◆ PROBLEM STATEMENT: Read the data below line by line and copy each one with "parked" in it.

◆ INFORMATION:

+===+

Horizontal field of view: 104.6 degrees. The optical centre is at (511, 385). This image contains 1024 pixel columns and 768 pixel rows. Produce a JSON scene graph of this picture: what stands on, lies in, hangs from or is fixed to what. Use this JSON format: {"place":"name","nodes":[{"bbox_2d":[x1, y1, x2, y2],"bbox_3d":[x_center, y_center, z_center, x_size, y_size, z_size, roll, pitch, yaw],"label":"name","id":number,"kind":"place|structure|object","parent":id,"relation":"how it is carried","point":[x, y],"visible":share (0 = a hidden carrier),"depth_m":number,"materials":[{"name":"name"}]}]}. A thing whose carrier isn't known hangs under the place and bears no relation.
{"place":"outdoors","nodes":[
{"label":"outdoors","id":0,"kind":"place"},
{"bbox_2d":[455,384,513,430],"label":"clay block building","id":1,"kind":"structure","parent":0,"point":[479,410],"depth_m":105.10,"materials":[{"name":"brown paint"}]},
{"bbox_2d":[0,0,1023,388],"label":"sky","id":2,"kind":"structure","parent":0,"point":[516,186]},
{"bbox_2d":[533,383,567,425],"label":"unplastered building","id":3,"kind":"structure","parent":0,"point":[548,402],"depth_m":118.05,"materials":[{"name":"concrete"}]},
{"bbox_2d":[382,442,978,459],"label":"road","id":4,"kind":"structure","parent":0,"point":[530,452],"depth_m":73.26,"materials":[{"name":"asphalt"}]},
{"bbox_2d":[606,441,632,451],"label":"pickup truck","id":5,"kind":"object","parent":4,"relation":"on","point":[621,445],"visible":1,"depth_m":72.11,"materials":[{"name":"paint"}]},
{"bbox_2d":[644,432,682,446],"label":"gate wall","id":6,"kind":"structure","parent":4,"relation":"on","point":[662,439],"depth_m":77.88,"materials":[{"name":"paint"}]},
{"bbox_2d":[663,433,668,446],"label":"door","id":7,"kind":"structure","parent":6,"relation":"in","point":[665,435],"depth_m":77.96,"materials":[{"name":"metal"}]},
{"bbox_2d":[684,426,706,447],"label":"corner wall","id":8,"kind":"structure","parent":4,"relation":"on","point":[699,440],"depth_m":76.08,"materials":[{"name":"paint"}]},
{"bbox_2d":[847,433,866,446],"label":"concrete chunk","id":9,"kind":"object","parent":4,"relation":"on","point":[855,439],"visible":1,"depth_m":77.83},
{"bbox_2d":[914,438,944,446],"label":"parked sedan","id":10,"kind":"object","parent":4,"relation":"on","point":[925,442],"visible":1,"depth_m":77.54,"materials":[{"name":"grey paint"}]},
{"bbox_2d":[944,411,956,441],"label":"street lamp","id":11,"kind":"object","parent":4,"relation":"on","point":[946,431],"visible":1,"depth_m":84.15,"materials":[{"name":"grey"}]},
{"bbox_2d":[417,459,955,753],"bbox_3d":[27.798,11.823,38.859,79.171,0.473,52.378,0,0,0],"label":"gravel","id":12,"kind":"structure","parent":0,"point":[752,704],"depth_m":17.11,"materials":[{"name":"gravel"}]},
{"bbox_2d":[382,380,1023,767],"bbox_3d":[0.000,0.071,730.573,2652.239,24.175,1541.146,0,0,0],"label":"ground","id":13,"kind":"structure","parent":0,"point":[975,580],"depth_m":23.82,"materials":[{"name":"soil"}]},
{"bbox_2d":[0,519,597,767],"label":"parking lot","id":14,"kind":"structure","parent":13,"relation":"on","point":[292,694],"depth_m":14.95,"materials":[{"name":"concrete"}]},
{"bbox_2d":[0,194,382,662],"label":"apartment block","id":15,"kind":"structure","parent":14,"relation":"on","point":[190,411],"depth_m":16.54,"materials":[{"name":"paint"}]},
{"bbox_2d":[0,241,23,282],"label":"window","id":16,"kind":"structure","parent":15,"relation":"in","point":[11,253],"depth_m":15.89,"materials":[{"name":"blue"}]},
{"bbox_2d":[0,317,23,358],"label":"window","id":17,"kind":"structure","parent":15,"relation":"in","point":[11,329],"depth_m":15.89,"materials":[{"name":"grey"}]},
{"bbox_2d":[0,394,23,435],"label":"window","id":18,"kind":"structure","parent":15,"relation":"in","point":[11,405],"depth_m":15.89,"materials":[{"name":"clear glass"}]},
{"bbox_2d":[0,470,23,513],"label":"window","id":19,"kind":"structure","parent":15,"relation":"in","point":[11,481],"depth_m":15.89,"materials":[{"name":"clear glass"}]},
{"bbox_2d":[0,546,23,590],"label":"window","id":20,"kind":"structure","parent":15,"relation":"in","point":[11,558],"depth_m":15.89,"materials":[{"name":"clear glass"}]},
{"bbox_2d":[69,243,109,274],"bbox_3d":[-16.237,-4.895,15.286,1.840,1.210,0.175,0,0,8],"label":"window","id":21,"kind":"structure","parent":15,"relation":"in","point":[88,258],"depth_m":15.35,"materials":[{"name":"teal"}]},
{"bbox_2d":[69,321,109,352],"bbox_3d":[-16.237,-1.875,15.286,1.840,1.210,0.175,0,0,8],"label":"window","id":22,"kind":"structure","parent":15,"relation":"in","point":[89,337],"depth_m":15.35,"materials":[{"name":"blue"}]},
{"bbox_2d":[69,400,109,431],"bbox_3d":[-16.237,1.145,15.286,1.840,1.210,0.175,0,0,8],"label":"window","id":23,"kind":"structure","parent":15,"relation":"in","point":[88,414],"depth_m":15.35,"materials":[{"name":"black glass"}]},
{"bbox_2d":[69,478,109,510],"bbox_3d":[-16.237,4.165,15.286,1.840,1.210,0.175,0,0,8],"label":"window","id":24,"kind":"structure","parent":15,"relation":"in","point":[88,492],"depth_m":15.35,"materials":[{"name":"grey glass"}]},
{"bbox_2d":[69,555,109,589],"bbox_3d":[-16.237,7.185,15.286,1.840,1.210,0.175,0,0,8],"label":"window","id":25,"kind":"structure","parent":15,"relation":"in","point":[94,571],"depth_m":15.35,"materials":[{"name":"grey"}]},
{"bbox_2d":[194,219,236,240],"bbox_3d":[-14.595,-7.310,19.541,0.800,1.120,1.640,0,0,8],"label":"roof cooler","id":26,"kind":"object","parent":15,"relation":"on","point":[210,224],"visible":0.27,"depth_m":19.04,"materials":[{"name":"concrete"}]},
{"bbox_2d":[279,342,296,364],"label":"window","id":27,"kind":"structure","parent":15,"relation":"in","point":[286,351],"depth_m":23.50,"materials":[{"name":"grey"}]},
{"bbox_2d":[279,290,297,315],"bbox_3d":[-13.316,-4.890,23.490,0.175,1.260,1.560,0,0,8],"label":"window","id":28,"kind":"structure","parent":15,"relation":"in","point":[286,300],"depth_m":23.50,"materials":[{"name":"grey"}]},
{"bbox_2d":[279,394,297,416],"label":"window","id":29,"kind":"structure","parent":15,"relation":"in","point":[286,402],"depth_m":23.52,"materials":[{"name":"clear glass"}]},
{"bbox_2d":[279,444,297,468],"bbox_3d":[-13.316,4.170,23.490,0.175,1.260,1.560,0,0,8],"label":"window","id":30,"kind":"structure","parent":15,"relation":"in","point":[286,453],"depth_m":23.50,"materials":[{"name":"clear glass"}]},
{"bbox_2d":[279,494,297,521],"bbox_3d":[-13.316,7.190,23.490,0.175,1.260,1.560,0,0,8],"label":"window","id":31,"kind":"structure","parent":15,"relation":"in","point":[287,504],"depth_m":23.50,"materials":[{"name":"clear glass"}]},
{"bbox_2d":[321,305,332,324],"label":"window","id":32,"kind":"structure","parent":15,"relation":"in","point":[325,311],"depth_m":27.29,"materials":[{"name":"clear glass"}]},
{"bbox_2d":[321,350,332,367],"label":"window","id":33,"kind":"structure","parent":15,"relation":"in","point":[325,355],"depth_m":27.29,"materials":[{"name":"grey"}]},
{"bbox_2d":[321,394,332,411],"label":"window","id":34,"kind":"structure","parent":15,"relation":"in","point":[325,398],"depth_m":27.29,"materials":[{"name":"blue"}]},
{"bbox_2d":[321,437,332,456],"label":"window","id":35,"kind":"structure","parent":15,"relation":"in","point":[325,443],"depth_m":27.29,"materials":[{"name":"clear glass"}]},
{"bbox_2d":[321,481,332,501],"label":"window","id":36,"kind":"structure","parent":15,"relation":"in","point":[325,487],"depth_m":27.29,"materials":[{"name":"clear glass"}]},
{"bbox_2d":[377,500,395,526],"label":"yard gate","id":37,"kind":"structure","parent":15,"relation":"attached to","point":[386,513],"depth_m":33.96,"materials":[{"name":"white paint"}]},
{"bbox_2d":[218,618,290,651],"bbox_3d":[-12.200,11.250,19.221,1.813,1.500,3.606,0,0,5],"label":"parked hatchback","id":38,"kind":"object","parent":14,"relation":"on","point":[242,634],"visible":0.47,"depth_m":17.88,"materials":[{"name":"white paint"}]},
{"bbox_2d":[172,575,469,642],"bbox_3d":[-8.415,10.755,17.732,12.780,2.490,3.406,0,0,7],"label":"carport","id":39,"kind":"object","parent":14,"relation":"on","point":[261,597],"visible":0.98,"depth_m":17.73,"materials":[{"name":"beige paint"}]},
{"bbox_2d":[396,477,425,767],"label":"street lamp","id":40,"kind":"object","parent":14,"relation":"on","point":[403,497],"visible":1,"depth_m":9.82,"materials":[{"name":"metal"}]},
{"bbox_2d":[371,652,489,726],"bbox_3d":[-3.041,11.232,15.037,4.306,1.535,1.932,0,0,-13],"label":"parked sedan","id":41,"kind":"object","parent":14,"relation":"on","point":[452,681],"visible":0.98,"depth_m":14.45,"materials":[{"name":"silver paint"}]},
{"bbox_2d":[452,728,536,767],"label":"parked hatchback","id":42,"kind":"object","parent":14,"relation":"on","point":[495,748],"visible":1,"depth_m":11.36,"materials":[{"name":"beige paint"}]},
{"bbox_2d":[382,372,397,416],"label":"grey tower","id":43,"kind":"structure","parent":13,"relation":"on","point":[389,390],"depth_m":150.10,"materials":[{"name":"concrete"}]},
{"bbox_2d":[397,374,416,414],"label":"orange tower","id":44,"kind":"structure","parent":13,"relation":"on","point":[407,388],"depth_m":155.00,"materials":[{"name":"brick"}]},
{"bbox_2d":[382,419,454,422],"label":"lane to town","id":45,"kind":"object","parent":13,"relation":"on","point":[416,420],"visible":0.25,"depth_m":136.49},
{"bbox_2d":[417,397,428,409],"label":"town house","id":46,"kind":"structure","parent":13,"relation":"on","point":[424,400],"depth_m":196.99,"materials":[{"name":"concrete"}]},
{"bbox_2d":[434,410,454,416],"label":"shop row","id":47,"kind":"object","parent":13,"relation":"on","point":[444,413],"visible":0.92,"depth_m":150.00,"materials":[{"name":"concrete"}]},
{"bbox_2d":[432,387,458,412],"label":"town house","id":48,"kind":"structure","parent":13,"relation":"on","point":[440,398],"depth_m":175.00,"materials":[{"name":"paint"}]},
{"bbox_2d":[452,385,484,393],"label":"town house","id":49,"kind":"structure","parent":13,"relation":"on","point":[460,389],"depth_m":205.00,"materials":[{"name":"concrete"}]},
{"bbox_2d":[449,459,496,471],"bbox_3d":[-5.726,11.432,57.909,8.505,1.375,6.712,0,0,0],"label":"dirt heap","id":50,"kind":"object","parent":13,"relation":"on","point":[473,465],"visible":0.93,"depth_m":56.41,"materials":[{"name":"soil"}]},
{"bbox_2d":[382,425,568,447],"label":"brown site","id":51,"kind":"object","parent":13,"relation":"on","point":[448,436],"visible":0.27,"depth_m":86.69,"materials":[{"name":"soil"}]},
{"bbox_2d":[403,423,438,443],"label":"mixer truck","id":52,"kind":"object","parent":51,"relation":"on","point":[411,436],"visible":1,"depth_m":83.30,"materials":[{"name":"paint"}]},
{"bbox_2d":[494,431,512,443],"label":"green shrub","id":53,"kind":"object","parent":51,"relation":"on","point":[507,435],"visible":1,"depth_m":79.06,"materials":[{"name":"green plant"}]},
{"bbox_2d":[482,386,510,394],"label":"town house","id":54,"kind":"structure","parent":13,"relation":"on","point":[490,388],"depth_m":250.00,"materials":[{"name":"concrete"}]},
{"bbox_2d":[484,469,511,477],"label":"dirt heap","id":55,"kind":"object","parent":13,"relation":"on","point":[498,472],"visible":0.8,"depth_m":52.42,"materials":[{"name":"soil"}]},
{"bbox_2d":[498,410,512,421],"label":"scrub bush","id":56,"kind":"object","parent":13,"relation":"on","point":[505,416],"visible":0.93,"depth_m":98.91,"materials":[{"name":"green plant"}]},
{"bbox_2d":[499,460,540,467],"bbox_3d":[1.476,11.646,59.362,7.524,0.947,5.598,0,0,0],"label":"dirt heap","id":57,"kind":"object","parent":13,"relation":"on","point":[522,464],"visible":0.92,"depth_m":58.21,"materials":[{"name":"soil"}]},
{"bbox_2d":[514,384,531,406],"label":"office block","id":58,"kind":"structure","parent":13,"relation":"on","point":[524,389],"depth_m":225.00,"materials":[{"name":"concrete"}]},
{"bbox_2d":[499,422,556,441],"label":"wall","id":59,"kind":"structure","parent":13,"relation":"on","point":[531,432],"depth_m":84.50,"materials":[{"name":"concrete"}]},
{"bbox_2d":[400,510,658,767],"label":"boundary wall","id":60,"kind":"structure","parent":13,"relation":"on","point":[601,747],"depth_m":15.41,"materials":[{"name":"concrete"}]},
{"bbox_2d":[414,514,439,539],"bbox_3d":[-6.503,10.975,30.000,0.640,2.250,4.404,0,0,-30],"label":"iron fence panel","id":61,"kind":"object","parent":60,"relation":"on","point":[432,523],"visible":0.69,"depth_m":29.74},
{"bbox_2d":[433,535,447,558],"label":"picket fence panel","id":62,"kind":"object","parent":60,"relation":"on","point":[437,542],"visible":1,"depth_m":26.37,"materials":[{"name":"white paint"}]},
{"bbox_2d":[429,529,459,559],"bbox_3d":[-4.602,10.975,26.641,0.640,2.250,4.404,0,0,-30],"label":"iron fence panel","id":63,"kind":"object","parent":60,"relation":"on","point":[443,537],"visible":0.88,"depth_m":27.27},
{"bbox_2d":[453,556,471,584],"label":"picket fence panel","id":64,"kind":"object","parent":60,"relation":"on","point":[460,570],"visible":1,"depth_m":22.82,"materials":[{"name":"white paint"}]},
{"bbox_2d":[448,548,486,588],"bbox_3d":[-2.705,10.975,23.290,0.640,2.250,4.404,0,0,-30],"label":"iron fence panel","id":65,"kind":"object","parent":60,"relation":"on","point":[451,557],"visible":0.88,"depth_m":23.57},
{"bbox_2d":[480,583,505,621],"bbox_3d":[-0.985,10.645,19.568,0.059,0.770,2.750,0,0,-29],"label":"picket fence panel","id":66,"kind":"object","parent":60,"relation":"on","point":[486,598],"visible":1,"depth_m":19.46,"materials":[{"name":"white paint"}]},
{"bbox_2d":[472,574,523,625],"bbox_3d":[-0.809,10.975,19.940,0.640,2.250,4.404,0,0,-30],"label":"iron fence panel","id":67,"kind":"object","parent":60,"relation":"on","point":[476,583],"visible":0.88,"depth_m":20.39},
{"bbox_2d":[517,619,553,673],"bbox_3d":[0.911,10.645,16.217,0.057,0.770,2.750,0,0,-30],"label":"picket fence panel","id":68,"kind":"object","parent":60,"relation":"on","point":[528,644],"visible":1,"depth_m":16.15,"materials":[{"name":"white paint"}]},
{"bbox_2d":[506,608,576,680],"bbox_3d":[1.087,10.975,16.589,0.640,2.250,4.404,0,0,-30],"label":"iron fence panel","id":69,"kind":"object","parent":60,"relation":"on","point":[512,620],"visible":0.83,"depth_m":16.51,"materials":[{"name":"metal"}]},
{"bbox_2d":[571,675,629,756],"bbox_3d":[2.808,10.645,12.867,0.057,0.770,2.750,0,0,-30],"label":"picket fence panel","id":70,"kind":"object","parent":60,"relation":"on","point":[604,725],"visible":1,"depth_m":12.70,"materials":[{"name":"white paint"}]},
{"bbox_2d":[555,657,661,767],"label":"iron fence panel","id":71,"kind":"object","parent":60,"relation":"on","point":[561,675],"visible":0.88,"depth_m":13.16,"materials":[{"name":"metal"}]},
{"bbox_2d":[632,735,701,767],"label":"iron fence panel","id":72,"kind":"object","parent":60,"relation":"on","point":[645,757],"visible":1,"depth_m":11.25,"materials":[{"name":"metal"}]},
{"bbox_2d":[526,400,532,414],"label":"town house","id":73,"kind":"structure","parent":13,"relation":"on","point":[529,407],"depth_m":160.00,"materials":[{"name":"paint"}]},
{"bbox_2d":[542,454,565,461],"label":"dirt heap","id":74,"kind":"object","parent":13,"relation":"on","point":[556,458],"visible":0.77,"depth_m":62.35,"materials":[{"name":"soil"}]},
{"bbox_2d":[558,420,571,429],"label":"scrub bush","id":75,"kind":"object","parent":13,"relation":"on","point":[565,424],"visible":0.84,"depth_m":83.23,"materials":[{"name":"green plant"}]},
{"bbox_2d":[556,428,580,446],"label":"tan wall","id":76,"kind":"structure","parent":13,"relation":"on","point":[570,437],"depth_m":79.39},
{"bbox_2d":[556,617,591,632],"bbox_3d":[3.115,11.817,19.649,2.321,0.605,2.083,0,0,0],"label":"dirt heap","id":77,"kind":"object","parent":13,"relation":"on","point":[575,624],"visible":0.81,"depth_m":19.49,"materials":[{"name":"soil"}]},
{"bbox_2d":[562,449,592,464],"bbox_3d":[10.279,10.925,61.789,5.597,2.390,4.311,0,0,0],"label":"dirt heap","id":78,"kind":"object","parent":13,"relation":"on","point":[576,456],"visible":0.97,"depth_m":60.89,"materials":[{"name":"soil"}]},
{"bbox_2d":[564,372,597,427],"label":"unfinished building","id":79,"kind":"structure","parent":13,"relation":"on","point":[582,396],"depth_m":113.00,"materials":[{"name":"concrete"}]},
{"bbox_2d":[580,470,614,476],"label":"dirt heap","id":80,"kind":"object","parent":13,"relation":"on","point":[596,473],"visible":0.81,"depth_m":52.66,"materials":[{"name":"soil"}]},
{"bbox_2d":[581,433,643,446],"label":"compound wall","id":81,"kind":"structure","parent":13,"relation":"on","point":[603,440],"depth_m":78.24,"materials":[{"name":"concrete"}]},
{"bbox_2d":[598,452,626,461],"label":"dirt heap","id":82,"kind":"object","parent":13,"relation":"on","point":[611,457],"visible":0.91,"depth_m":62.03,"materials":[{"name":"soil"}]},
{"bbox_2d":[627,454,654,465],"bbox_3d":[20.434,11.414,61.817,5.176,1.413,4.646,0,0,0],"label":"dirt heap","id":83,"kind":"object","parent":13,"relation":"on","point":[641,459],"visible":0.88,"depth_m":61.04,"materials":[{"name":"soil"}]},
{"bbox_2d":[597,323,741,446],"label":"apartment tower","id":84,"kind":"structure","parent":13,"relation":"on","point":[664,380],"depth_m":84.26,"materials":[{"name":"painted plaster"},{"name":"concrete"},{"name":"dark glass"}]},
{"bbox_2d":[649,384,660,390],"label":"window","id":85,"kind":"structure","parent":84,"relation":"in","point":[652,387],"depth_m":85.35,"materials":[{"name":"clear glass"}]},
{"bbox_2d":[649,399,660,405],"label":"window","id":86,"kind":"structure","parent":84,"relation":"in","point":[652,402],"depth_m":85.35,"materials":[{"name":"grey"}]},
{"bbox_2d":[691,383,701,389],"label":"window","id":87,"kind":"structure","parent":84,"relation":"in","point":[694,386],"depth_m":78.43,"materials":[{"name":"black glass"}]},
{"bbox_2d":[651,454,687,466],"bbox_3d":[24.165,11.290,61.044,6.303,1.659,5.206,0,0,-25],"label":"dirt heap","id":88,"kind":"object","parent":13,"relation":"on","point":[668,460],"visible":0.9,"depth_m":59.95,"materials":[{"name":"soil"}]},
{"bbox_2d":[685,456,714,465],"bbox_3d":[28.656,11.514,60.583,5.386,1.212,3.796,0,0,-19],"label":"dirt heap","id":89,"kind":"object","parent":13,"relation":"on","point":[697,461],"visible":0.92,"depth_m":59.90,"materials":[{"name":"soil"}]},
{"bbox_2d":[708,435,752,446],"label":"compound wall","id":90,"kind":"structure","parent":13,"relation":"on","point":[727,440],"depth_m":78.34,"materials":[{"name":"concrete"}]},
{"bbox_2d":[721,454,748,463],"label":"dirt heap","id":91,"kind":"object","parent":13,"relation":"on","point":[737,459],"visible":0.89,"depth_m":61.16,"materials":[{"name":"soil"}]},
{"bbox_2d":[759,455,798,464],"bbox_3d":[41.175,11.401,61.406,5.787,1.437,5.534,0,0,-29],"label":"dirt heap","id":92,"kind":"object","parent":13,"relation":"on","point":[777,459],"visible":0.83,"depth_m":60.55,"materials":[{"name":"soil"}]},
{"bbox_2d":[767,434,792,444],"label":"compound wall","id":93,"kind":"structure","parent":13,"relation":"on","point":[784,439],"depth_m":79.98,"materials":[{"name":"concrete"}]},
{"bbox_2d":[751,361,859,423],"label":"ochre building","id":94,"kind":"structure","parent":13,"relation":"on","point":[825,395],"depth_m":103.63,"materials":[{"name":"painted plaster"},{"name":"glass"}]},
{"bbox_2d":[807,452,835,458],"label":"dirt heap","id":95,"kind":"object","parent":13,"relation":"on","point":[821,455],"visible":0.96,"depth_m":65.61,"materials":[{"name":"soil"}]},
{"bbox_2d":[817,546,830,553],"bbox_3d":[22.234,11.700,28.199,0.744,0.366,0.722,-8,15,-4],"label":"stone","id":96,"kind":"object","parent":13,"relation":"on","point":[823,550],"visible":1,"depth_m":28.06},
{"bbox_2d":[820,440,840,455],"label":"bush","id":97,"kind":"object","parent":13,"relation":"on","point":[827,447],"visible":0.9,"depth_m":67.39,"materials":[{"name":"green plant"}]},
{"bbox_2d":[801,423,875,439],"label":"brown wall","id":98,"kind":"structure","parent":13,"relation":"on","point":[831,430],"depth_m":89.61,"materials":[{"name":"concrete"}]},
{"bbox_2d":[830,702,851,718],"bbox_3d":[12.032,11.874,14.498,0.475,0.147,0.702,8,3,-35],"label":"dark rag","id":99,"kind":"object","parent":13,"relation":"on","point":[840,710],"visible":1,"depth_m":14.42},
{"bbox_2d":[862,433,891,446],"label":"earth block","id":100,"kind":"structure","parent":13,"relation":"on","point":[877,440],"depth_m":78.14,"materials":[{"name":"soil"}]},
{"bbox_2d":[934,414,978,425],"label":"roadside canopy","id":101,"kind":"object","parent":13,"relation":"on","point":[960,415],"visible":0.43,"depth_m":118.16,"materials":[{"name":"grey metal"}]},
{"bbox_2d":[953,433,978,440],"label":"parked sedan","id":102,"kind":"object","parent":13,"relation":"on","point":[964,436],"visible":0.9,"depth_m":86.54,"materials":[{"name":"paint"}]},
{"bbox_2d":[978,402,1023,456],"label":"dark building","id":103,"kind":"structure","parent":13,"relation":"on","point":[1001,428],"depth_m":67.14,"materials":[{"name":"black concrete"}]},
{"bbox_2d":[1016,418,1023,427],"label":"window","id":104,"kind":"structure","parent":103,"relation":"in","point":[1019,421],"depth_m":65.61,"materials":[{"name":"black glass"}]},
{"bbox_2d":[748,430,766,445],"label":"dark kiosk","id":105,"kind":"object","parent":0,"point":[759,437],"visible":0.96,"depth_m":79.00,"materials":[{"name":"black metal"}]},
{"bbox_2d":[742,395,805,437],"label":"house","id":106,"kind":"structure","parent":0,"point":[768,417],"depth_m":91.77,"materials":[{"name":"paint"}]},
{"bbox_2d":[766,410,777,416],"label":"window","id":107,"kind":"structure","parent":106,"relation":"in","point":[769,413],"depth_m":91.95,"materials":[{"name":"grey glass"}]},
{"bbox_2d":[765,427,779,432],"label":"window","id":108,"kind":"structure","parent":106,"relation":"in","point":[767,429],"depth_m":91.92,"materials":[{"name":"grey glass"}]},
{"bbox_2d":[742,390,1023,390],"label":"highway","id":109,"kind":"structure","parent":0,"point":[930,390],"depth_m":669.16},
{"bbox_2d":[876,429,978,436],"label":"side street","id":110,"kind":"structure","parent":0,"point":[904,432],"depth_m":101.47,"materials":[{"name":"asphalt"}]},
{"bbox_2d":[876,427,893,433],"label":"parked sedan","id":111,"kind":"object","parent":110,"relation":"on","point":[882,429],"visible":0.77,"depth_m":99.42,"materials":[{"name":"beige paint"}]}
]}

+===+

◆ EXERCISE SOLUTION:
{"bbox_2d":[914,438,944,446],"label":"parked sedan","id":10,"kind":"object","parent":4,"relation":"on","point":[925,442],"visible":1,"depth_m":77.54,"materials":[{"name":"grey paint"}]},
{"bbox_2d":[218,618,290,651],"bbox_3d":[-12.200,11.250,19.221,1.813,1.500,3.606,0,0,5],"label":"parked hatchback","id":38,"kind":"object","parent":14,"relation":"on","point":[242,634],"visible":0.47,"depth_m":17.88,"materials":[{"name":"white paint"}]},
{"bbox_2d":[371,652,489,726],"bbox_3d":[-3.041,11.232,15.037,4.306,1.535,1.932,0,0,-13],"label":"parked sedan","id":41,"kind":"object","parent":14,"relation":"on","point":[452,681],"visible":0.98,"depth_m":14.45,"materials":[{"name":"silver paint"}]},
{"bbox_2d":[452,728,536,767],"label":"parked hatchback","id":42,"kind":"object","parent":14,"relation":"on","point":[495,748],"visible":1,"depth_m":11.36,"materials":[{"name":"beige paint"}]},
{"bbox_2d":[953,433,978,440],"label":"parked sedan","id":102,"kind":"object","parent":13,"relation":"on","point":[964,436],"visible":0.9,"depth_m":86.54,"materials":[{"name":"paint"}]},
{"bbox_2d":[876,427,893,433],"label":"parked sedan","id":111,"kind":"object","parent":110,"relation":"on","point":[882,429],"visible":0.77,"depth_m":99.42,"materials":[{"name":"beige paint"}]}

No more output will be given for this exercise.